FDA Adverse Event Malfunction Summary report: N

EVIS EXERA III DUODENOVIDEOSCOPE

MDR report key: 14135024 · Received April 18, 2022

Report

Report Number
8010047-2022-06504
Event Type
Malfunction
Date Received
April 18, 2022
Date of Event
March 2, 2022
Report Date
June 28, 2022
Manufacturer
OLYMPUS MEDICAL SYSTEMS CORP.
Product Code
FDT
UDI-DI
04953170405563
PMA / PMN Number
K202661
Product Problem
Yes
Report Source
Manufacturer report
Reporter Location
FR
Reporter Occupation
OTHER
Health Professional
N

Narratives

Additional Manufacturer Narrative · 0

THE CLEANING, DISINFECTION, AND STERILIZATION (CDS) OF THE SCOPE WAS PERFORMED BY THE CUSTOMER. THERE WAS NO PATIENT INFECTION. THE AUTOMATIC ENDOSCOPE REPROCESSOR (AER) WAS CULTURED/TESTED. THE RESULTS WERE NOT AVAILABLE. THE AIR/WATER CHANNEL, AUXILIARY CHANNEL, BALLOON CHANNEL, AND FORCEPS ELEVATOR WIRE CHANNEL WERE FLUSHED WITHOUT DETERGENT. THERE WAS AN ASPIRATION OF WATER THROUGH THE INSTRUMENT/SUCTION CHANNEL AS WELL. THE INSTRUMENT/SUCTION CHANNEL, SUCTION CYLINDER, INSTRUMENT CHANNEL PORT, BALLOON CHANNEL, AND DISTAL END/AREAS AROUND THE ELEVATOR WERE MANUALLY CLEANED WITH ANIOSYME SYNERGY 5 DISINFECTANT AND AN ASEPT INMED BRUSH (REF # 201786).

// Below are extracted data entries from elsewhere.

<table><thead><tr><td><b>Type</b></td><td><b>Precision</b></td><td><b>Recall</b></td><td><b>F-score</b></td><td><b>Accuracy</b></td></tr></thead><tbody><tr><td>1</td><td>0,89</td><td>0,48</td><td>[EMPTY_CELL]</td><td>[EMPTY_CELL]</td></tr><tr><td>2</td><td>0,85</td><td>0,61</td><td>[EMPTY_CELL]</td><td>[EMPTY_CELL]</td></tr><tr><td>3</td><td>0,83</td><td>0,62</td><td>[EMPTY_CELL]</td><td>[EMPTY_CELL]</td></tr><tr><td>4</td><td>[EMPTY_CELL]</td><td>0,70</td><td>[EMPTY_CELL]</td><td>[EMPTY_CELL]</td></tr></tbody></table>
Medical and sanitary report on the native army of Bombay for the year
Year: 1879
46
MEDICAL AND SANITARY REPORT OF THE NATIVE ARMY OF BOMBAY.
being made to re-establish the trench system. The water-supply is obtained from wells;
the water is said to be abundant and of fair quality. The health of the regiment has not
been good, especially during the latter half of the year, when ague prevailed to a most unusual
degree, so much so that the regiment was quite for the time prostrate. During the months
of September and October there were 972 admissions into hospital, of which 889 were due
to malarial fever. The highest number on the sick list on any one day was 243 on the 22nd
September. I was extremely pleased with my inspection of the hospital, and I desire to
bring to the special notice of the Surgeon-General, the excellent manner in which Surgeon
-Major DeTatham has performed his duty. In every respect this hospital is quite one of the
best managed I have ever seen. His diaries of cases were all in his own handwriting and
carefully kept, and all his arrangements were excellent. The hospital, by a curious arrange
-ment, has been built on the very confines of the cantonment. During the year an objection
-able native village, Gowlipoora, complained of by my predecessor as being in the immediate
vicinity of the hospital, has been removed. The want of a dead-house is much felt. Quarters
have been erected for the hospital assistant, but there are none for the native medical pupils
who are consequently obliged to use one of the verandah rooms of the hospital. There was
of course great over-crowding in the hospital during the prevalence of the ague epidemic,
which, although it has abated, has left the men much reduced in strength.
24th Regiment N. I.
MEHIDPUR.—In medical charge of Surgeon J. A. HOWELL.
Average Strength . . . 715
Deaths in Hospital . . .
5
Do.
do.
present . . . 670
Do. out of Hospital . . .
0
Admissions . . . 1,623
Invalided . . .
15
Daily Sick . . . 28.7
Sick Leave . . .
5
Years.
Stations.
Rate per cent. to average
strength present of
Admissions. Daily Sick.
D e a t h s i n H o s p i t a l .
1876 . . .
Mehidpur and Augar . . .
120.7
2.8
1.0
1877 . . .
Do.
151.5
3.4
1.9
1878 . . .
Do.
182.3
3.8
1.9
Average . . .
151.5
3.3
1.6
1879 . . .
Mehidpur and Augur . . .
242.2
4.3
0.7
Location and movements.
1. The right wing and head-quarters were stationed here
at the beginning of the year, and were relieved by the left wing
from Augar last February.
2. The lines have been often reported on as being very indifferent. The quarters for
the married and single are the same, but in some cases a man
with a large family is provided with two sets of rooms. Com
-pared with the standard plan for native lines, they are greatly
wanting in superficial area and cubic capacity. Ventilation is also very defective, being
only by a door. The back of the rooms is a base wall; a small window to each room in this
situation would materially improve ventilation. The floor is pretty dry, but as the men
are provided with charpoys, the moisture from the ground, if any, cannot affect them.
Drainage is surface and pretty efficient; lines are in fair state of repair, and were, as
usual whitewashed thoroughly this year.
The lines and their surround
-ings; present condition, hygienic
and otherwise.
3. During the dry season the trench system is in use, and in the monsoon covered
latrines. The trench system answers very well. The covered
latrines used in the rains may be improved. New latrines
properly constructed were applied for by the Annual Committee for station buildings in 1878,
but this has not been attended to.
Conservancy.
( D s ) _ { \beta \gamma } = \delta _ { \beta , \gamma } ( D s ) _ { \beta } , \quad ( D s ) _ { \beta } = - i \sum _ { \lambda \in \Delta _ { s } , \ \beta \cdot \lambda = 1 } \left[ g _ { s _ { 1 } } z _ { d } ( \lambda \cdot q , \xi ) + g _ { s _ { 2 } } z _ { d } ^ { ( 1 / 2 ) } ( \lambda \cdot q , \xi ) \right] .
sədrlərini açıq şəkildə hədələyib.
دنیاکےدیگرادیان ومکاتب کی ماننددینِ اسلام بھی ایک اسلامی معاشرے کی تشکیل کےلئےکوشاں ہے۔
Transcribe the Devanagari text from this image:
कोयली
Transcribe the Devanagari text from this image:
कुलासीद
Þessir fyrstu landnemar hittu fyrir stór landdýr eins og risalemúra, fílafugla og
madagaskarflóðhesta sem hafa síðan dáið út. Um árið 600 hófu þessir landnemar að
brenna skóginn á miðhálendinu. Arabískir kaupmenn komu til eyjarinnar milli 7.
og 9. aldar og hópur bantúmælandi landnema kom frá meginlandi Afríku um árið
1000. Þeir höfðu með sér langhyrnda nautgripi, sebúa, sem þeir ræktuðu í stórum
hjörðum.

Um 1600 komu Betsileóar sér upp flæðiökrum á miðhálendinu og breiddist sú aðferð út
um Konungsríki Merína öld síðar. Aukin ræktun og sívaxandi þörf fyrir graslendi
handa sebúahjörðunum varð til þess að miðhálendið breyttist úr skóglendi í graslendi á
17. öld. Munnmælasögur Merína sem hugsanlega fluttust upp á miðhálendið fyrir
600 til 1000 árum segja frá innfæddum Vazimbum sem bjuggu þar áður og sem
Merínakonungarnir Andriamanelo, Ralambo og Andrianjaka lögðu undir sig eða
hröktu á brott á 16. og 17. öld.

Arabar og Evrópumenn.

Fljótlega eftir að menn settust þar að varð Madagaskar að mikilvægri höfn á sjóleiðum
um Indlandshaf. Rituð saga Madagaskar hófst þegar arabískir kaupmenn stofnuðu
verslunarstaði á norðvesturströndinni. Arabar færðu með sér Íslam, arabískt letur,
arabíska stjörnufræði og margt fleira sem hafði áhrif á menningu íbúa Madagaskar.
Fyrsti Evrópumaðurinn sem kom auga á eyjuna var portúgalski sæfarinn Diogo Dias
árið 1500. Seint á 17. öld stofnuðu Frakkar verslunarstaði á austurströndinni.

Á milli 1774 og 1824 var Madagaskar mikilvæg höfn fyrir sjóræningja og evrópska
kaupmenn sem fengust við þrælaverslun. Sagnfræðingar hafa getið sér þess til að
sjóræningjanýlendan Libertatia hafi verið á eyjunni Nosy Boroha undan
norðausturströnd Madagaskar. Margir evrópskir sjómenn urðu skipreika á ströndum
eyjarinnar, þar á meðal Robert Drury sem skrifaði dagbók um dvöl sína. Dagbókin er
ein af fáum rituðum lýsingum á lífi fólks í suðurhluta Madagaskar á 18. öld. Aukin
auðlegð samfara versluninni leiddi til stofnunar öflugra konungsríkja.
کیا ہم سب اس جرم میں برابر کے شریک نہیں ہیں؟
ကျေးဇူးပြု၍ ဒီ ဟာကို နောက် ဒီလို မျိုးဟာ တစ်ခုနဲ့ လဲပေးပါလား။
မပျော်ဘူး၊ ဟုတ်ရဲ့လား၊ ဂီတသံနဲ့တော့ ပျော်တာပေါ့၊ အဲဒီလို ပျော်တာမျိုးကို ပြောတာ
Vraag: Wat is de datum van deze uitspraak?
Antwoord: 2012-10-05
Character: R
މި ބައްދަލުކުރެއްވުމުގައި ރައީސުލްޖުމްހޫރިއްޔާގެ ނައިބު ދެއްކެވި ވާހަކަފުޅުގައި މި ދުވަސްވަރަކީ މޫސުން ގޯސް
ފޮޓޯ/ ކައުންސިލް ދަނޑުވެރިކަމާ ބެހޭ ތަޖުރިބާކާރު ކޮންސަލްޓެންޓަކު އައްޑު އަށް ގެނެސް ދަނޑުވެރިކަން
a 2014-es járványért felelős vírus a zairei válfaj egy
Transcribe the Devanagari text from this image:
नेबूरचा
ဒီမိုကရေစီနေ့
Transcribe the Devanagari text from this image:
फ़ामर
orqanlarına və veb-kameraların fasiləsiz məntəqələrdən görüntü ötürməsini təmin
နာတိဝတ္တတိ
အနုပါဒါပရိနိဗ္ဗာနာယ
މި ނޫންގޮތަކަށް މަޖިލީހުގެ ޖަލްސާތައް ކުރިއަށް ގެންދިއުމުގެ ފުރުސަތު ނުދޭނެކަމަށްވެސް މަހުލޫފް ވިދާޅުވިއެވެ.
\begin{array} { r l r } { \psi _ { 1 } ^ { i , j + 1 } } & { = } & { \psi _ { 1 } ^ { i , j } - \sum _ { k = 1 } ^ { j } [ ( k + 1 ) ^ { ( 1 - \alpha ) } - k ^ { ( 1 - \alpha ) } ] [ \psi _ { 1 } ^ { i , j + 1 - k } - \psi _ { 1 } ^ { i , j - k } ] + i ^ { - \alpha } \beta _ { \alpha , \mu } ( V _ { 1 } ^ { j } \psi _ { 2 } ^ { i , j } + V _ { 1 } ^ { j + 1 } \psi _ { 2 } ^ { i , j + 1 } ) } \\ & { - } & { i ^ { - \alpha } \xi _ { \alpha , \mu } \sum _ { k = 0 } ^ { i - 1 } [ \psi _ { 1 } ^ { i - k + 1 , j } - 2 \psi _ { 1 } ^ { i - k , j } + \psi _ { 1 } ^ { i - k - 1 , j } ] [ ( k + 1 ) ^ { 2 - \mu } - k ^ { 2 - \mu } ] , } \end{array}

THE AER USED WAS A WSSSENBURG WD440 ALONG WITH ENDOHIGH DETERGENT AND ENDOHIGH PAA DISINFECTANT. THE SCOPE WAS STORED IN A WASSENBURG DRY320 DRYING CABINET. THE MAINTENANCE OF THE SCOPE WAS PERFORMED BY OLYMPUS. THE SCOPE WAS NOT STERILIZED. THE SUBJECT DEVICE HAS BEEN RECEIVED AND IS CURRENTLY IN THE EVALUATION PROCESS. THE INVESTIGATION IS ONGOING. THEREFORE; THE ROOT CAUSE OF THE REPORTED EVENT CANNOT BE DETERMINED AT THIS TIME. HOWEVER; IF ADDITIONAL INFORMATION BECOMES AVAILABLE THIS REPORT WILL BE SUPPLEMENTED ACCORDINGLY.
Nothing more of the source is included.